The ICI was calculated as previously described with some modifications^24,50. Marker genes for adaxial and abaxial cell fate were determined using previously published RNA-seq data²³. Reads were downloaded from the Short Reads Archive (SRA: SRP101301) and aligned to the maize B73 genome v3 using STAR (v.2.7.9a)⁵¹. Reads were counted using HTSeq (v.0.11.2)⁵². Differential expression testing was done using edgeR (v.3.32.1)⁵³ to identify differentially expressed genes between the adaxial and abaxial leaf domains. Marker genes were determined as those genes with a log₂(fold change) > 2 at a Benjamini–Hochberg false discovery rate of 0.05 (Supplementary Table 5). The positive marker genes for the adaxial and abaxial domains determined by edgeR were used to calculate the ICI. A modified formula was used to calculate the gene specificity score s_g for gene g in tissue 1 (t₁) relative to tissue 2 (t₂), where CPM is expression in counts per million for a given tissue⁴⁷.
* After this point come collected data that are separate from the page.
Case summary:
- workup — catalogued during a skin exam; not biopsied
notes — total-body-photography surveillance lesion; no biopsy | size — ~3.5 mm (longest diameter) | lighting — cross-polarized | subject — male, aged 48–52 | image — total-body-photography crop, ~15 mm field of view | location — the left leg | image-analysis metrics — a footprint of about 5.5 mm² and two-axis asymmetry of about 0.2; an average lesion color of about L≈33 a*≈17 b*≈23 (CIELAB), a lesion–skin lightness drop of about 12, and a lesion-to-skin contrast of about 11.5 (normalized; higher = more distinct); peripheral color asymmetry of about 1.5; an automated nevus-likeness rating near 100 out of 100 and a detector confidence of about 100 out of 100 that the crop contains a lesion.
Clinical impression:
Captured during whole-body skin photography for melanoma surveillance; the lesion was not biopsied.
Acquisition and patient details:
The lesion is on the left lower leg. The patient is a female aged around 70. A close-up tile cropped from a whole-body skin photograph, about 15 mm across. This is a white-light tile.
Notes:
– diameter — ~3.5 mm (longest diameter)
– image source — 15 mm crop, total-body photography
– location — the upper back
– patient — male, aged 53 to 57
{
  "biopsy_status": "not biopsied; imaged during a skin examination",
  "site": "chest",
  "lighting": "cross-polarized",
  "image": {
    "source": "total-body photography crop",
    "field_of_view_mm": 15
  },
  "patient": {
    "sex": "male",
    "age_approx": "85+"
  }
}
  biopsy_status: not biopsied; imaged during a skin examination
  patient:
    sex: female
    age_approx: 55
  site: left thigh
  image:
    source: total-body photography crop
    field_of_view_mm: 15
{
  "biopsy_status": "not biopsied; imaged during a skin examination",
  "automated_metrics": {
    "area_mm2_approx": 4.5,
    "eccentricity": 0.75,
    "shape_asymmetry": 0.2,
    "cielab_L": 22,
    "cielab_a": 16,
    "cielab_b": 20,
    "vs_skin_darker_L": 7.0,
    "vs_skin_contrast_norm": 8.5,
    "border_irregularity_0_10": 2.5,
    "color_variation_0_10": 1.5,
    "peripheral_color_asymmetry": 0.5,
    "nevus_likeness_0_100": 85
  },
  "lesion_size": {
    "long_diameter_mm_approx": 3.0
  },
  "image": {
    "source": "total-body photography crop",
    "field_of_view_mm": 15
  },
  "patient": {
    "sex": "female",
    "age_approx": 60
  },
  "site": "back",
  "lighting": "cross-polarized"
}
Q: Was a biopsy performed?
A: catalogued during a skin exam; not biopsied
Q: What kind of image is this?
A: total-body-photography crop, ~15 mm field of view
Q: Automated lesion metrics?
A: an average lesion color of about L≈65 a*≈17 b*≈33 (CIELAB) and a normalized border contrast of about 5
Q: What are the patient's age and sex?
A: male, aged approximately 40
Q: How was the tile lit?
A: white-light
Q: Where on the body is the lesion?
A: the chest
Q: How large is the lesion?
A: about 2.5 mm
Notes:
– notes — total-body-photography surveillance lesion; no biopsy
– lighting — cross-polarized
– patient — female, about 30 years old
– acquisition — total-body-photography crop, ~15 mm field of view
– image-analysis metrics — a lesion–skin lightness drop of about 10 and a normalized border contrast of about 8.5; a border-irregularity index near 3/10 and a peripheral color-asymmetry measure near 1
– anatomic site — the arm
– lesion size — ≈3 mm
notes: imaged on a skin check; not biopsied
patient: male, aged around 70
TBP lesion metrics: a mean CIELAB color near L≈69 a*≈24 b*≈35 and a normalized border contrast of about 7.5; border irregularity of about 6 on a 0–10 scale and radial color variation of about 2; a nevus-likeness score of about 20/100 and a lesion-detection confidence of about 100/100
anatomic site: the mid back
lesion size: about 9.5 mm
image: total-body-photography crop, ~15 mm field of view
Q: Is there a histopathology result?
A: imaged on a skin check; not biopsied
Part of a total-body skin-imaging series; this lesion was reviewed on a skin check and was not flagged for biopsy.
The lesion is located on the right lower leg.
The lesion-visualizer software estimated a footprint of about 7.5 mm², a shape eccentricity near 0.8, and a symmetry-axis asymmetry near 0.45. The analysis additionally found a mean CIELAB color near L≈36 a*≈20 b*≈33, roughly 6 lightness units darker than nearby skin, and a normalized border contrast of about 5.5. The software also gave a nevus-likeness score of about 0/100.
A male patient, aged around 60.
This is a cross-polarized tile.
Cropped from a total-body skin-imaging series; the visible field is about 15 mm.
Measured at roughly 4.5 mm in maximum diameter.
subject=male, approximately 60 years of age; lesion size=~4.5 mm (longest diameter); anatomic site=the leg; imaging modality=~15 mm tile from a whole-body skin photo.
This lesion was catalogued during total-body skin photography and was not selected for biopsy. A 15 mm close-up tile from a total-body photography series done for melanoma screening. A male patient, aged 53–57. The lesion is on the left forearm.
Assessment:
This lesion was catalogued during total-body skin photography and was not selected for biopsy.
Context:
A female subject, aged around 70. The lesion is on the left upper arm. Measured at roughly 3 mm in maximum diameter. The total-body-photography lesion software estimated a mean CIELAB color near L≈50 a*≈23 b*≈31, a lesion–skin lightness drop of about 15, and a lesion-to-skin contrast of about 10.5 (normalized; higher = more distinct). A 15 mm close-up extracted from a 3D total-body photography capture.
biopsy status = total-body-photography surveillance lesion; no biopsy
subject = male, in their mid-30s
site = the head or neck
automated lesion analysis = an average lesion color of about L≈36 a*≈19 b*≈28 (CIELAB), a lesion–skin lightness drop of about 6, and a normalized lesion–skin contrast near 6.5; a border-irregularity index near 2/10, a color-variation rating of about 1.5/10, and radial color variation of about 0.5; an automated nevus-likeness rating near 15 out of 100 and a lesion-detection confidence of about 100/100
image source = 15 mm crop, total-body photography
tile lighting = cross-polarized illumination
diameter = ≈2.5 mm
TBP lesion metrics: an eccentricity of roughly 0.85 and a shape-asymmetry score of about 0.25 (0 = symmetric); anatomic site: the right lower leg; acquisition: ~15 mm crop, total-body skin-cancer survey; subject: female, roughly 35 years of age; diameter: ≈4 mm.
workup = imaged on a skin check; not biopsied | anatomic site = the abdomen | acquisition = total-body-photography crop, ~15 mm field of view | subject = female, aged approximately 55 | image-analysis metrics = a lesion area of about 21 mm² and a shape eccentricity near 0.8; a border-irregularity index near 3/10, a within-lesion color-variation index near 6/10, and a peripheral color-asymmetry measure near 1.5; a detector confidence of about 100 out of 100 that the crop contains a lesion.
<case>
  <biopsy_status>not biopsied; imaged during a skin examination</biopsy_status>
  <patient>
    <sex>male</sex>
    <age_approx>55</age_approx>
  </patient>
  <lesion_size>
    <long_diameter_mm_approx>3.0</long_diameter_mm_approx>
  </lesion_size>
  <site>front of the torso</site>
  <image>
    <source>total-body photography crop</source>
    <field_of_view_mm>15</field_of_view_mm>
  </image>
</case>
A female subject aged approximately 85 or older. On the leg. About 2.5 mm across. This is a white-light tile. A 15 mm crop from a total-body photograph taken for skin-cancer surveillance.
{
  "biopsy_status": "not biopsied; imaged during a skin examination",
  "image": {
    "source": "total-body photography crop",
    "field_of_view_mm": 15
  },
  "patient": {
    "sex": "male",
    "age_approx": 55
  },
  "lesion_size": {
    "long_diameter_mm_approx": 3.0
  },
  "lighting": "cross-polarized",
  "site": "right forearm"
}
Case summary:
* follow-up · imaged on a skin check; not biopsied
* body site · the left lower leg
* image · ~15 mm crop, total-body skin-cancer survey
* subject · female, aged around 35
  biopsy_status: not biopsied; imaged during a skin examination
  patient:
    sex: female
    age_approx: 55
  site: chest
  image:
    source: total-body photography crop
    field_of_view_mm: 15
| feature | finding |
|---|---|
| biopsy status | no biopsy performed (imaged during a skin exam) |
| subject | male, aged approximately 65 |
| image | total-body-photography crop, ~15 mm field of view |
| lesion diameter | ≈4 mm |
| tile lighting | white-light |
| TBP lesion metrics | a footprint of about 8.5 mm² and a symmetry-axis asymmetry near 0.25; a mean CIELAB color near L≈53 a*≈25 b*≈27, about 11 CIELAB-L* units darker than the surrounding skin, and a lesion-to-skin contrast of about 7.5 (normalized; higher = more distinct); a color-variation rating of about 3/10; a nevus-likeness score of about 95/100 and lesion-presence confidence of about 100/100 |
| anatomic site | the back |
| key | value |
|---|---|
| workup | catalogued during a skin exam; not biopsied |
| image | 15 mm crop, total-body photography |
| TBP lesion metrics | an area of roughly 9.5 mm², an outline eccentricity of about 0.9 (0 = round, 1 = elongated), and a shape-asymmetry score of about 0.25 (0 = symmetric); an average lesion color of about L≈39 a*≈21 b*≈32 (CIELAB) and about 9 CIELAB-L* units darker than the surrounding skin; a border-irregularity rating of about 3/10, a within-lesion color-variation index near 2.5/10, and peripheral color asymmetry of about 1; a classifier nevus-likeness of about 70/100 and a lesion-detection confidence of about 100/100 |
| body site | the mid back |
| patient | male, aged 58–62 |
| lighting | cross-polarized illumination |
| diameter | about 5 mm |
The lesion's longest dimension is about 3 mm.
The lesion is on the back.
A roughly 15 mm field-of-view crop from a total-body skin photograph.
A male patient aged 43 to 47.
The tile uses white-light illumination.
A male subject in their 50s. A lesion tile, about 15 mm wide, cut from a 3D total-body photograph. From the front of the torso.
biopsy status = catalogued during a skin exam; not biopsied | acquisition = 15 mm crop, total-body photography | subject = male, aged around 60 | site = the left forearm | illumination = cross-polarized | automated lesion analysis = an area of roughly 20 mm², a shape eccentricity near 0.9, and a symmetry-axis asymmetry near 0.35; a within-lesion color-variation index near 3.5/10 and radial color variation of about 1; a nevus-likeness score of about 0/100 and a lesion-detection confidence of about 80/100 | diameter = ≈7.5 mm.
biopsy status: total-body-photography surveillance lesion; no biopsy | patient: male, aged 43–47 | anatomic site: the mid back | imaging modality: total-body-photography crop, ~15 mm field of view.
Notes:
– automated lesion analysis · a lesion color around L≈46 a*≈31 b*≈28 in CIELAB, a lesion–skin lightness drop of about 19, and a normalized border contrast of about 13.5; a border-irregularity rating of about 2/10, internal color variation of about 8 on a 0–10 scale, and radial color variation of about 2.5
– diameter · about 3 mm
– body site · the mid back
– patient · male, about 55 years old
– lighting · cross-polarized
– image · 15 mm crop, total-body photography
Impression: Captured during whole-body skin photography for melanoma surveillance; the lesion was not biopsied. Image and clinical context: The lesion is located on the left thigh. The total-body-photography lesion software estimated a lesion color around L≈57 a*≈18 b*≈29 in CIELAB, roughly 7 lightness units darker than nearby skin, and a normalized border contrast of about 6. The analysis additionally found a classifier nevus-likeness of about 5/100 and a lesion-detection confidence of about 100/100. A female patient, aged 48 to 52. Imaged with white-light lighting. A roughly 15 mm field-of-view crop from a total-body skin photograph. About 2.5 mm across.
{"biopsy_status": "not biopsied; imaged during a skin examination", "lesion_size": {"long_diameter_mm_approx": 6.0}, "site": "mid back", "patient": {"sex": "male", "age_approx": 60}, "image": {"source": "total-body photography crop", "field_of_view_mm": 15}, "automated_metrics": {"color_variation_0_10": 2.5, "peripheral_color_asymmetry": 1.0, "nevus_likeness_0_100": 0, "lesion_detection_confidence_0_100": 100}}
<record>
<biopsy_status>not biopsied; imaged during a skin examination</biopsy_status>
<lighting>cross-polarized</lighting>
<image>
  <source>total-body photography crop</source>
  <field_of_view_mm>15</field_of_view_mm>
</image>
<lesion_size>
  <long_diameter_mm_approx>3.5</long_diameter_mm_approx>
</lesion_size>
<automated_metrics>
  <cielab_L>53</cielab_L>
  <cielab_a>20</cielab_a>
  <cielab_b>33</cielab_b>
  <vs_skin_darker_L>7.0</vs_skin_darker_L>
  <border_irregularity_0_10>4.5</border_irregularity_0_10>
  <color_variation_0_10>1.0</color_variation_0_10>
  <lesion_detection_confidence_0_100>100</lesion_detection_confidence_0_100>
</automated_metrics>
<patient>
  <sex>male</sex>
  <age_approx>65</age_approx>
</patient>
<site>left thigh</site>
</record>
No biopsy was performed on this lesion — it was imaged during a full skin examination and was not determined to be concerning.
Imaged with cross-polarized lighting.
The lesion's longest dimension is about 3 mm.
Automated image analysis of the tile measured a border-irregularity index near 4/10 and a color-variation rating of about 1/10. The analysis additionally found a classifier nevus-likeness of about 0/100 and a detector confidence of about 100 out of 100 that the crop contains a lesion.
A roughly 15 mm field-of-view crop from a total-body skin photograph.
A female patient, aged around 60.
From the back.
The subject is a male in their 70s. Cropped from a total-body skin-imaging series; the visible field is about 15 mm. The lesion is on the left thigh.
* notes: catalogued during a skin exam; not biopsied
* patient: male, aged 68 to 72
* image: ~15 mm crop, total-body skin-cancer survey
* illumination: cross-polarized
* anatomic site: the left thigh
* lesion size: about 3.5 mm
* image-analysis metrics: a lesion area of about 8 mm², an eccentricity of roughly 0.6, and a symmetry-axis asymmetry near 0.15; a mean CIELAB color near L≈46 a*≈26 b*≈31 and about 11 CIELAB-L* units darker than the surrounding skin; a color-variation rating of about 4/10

$$s_{g,t_1} = \frac{{{\mathrm{CPM}}_{t_1} - {\mathrm{CPM}}_{t_2}}}{{{\mathrm{CPM}}_{t_1} + {\mathrm{CPM}}_{t_2}}}$$

Following calculation of s_g, ICI for each cell was calculated using the following formula:

$${\mathrm{ICI}}_{t_1} = \mathop {\sum}\limits_g^{nt_1} {\frac{{e_g \times s_{g,t_1}}}{{n_{t_1}}} \times \mathop {\sum}\limits_g^{n_{t_1}} {\frac{{{\mathrm{expressed}}(g)}}{{n_{t_1}}}} }$$

Where e_g is the expression level of gene g in a given cell, \(n_{t_1}\) is the total number of marker genes for tissue 1 expressed in that cell, and expressed(g) gives the number of expressed marker genes for tissue 1 in that cell. To determine whether a cell had a significant ICI value for that tissue, a null distribution of ICI scores was created by assigning a random set of genes as tissue marker genes, equivalent in number to the differentially expressed marker genes for each tissue, and the ICI for each tissue calculated for a total of 1,000 permutations. The experimental ICI values for each cell and tissue were then compared with the null distribution of ICI. Experimental ICI values above the fifth percentile of null values were deemed significant and cells were thereby assigned to adaxial, abaxial or mixed cell identity.

Reporting summary

Further information on research design is available in the Nature Portfolio Reporting Summary linked to this article.